■ WHAT THE TASK REQUIRES ■
Before you write out the listing, remove the pictures; everything else stays exactly as it is.

■ INPUT ■
#####
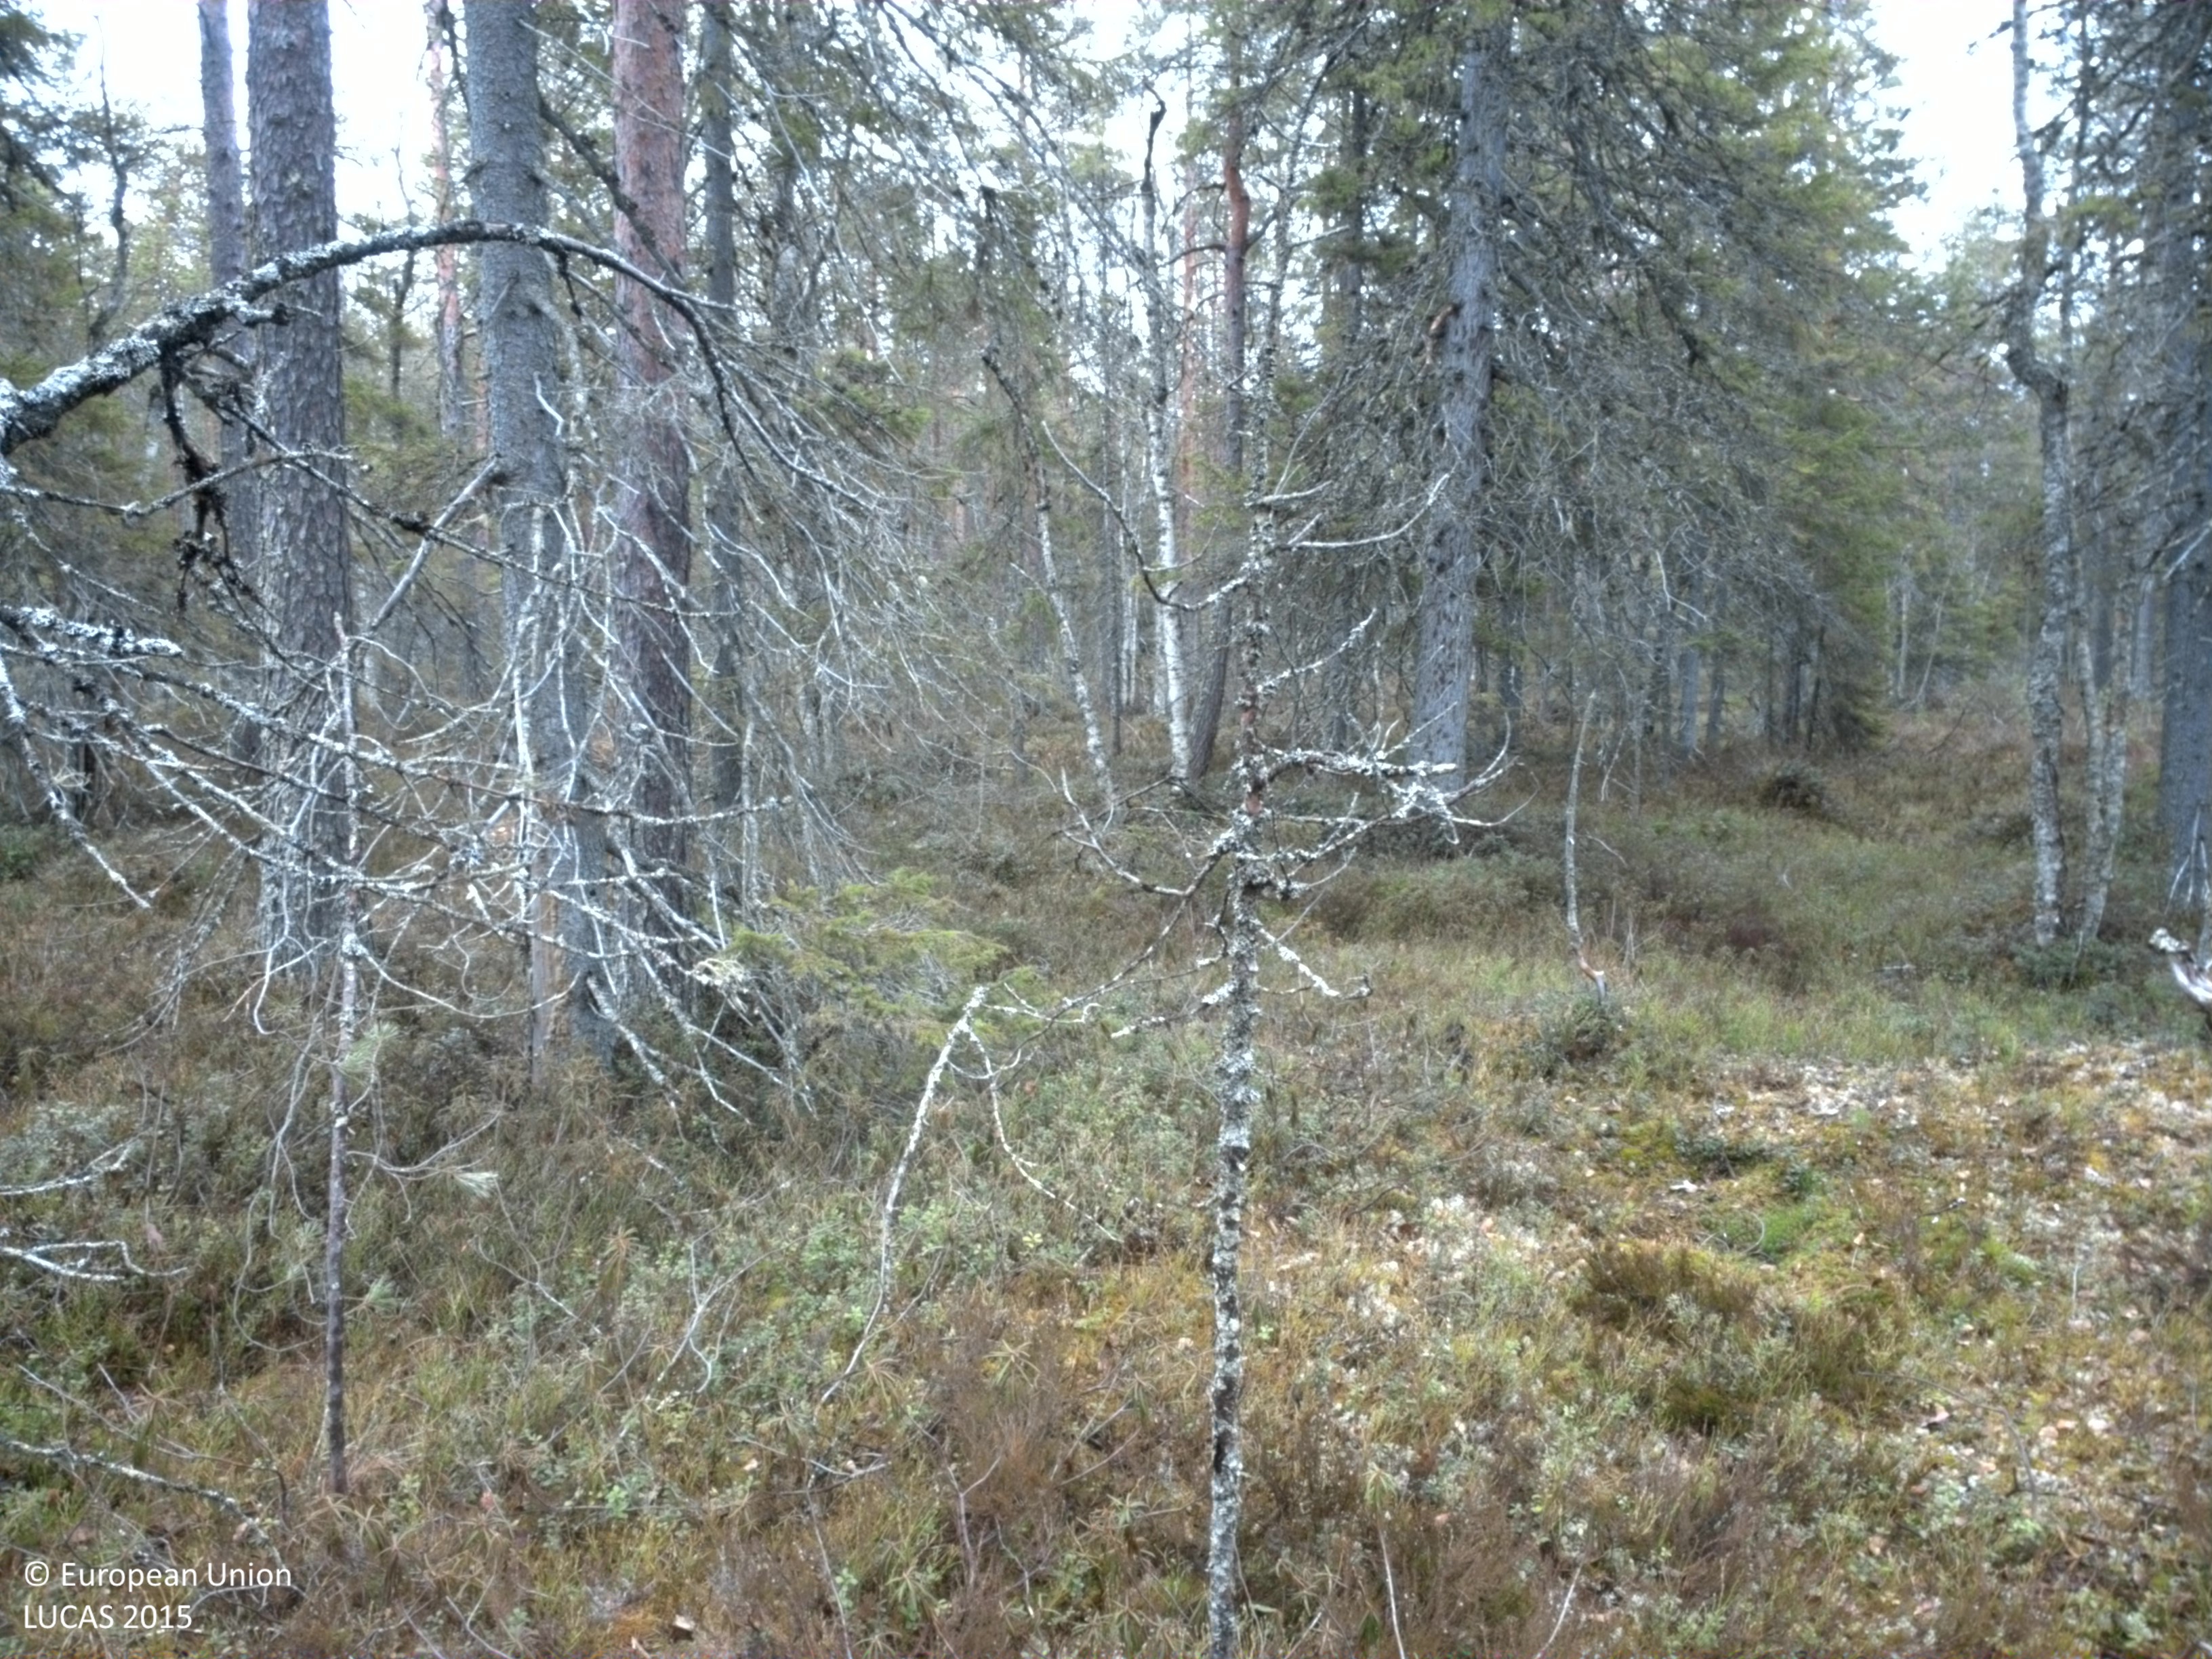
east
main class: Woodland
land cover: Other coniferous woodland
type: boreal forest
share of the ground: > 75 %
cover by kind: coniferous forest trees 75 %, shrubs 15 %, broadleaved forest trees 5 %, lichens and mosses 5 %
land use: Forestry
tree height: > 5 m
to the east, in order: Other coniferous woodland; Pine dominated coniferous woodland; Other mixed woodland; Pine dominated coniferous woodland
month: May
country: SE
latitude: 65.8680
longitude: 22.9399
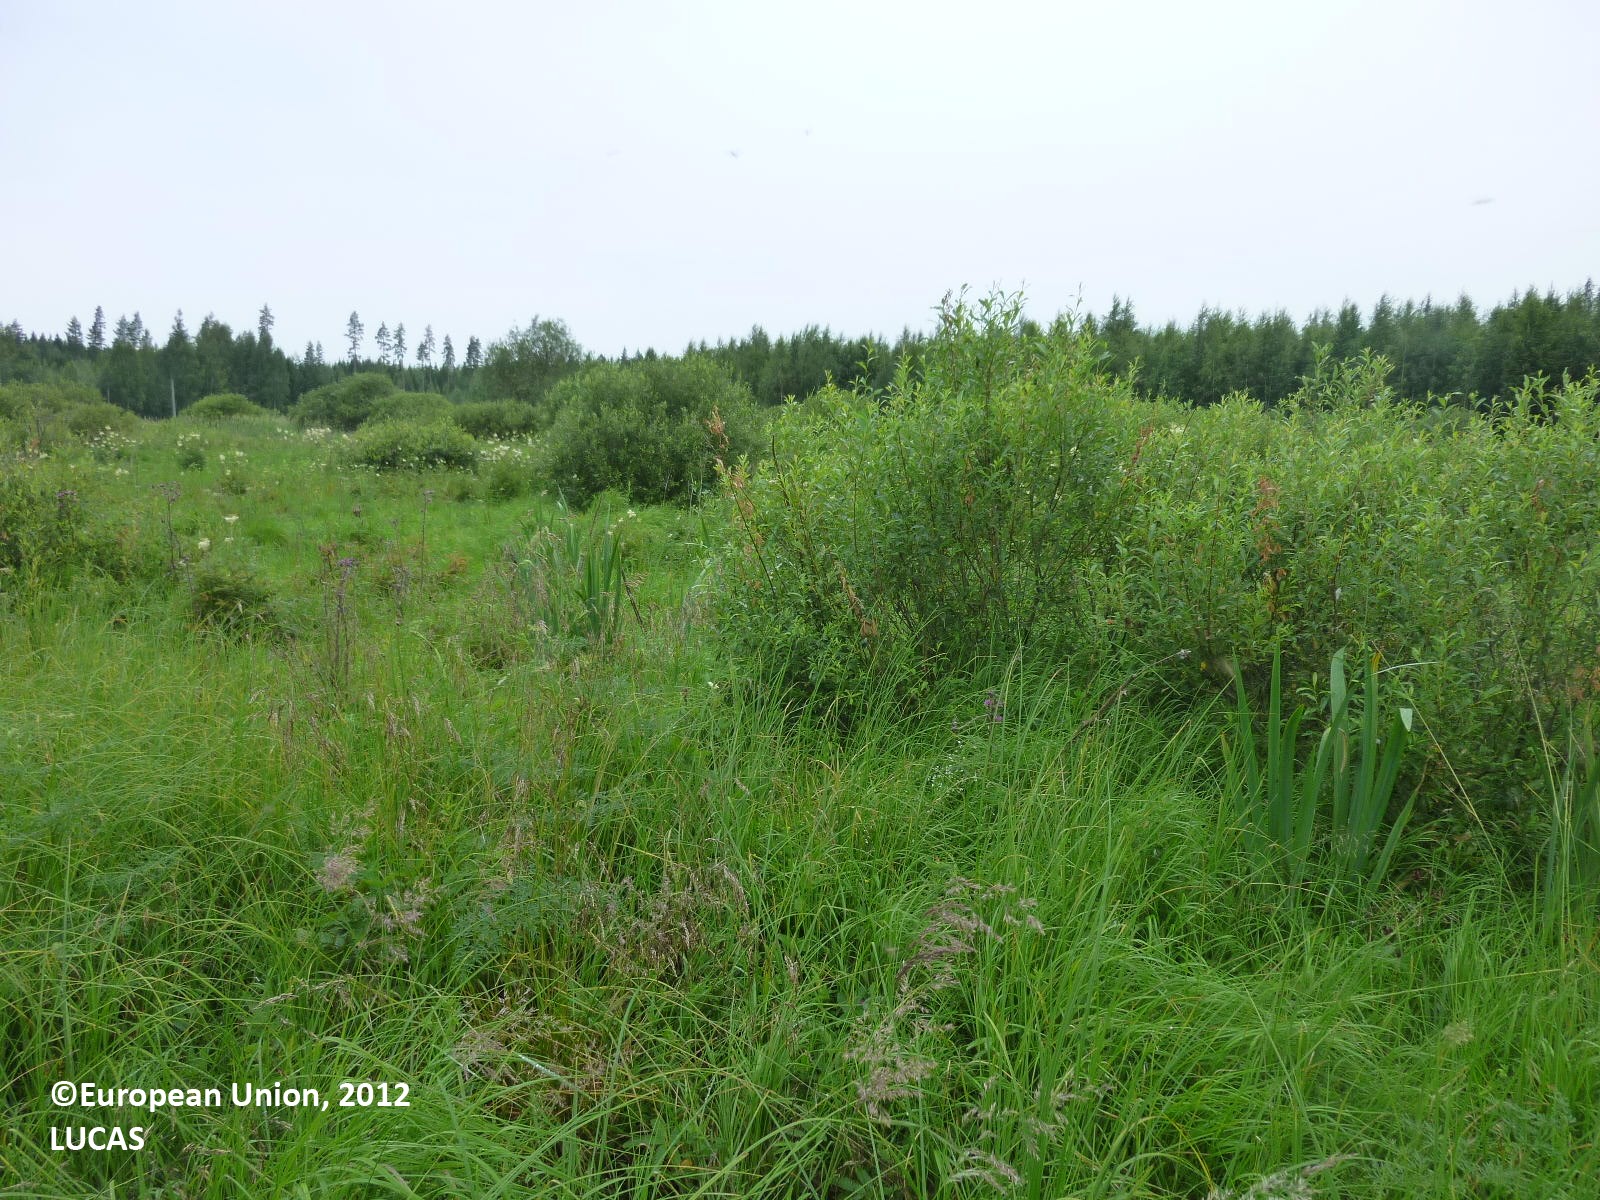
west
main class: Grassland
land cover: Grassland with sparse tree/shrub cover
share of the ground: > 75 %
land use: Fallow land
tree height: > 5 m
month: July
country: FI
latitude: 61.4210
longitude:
#####
■ PROBLEM SOLUTION ■
east
main class: Woodland
land cover: Other coniferous woodland
type: boreal forest
share of the ground: > 75 %
cover by kind: coniferous forest trees 75 %, shrubs 15 %, broadleaved forest trees 5 %, lichens and mosses 5 %
land use: Forestry
tree height: > 5 m
to the east, in order: Other coniferous woodland; Pine dominated coniferous woodland; Other mixed woodland; Pine dominated coniferous woodland
month: May
country: SE
latitude: 65.8680
longitude: 22.9399
west
main class: Grassland
land cover: Grassland with sparse tree/shrub cover
share of the ground: > 75 %
land use: Fallow land
tree height: > 5 m
month: July
country: FI
latitude: 61.4210
longitude:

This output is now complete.